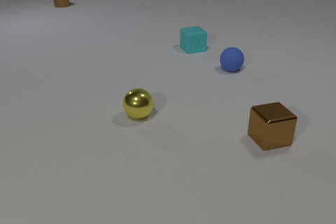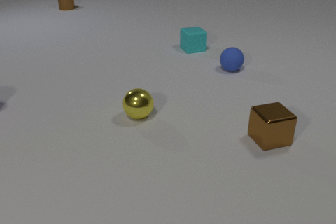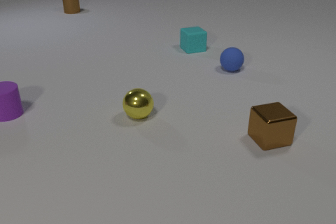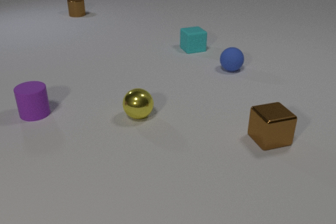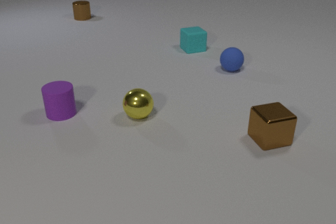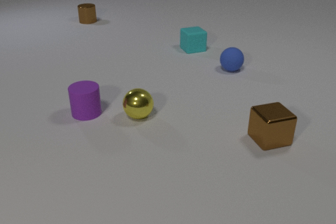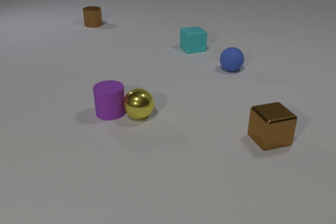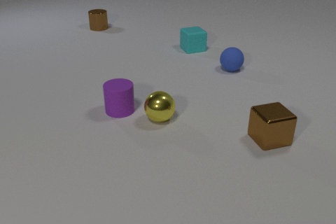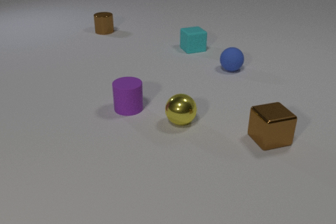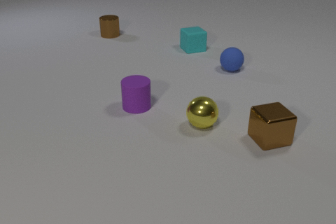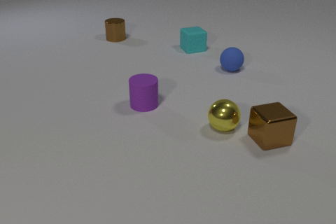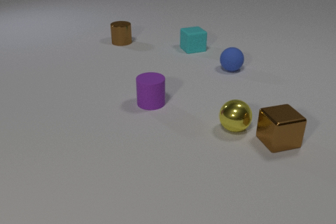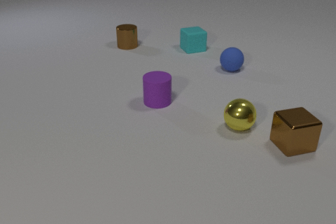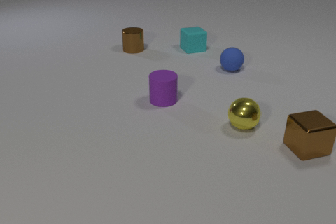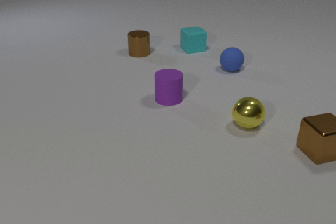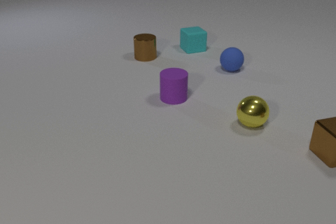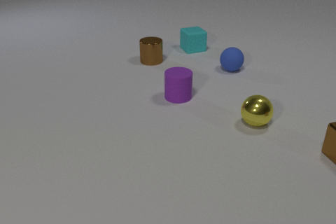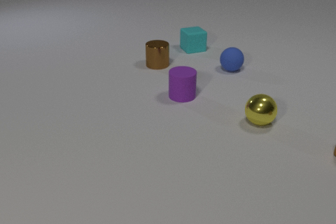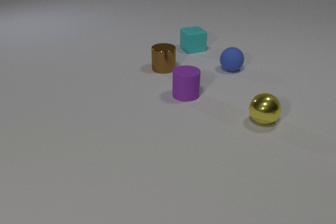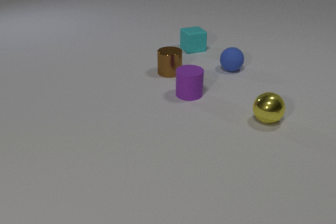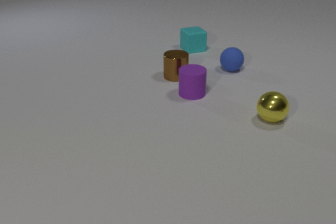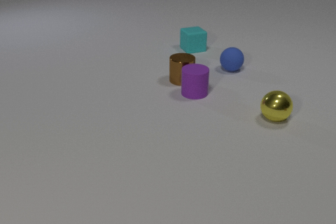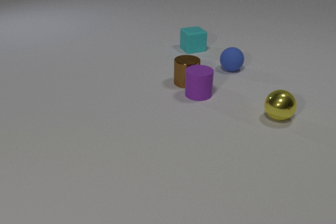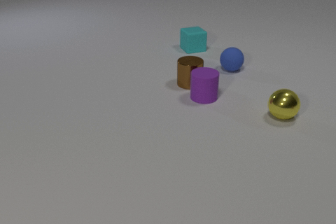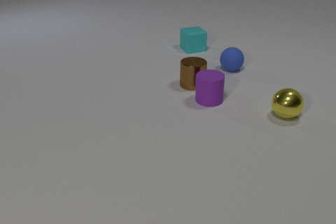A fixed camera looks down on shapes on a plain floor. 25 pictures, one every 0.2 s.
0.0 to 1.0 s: The purple rubber cylinder comes in at the left edge, slides to the right. The brown metal cylinder slides toward the camera.
1.0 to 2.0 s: The purple rubber cylinder slides to the right. The yellow metal sphere rolls to the right. The brown metal cylinder slides toward the camera and to the right. The purple rubber cylinder and the yellow metal sphere collide.
2.0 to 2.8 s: The purple rubber cylinder slides to the right and away from the camera. The yellow metal sphere rolls to the right and away from the camera. The brown metal cylinder slides toward the camera and to the right. The brown metal cube slides to the right. The yellow metal sphere and the brown metal cube collide.
2.8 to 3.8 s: The purple rubber cylinder slides to the right and away from the camera. The yellow metal sphere rolls to the right and away from the camera. The brown metal cylinder slides toward the camera and to the right. The brown metal cube slides to the right, leaves at the right edge.
3.8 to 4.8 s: The purple rubber cylinder slides to the right and toward the camera. The yellow metal sphere rolls to the right and away from the camera. The brown metal cylinder slides toward the camera and to the right. The purple rubber cylinder and the brown metal cylinder collide.
Are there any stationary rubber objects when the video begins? yes.
What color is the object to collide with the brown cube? yellow.
What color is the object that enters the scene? purple.
----
- **YOUR INSTRUCTIONS**:
Return all of the entries word for word, but omit the pictures.

- **SOLUTION TO THE PROBLEM**:
A fixed camera looks down on shapes on a plain floor. 25 pictures, one every 0.2 s.
0.0 to 1.0 s: The purple rubber cylinder comes in at the left edge, slides to the right. The brown metal cylinder slides toward the camera.
1.0 to 2.0 s: The purple rubber cylinder slides to the right. The yellow metal sphere rolls to the right. The brown metal cylinder slides toward the camera and to the right. The purple rubber cylinder and the yellow metal sphere collide.
2.0 to 2.8 s: The purple rubber cylinder slides to the right and away from the camera. The yellow metal sphere rolls to the right and away from the camera. The brown metal cylinder slides toward the camera and to the right. The brown metal cube slides to the right. The yellow metal sphere and the brown metal cube collide.
2.8 to 3.8 s: The purple rubber cylinder slides to the right and away from the camera. The yellow metal sphere rolls to the right and away from the camera. The brown metal cylinder slides toward the camera and to the right. The brown metal cube slides to the right, leaves at the right edge.
3.8 to 4.8 s: The purple rubber cylinder slides to the right and toward the camera. The yellow metal sphere rolls to the right and away from the camera. The brown metal cylinder slides toward the camera and to the right. The purple rubber cylinder and the brown metal cylinder collide.
Are there any stationary rubber objects when the video begins? yes.
What color is the object to collide with the brown cube? yellow.
What color is the object that enters the scene? purple.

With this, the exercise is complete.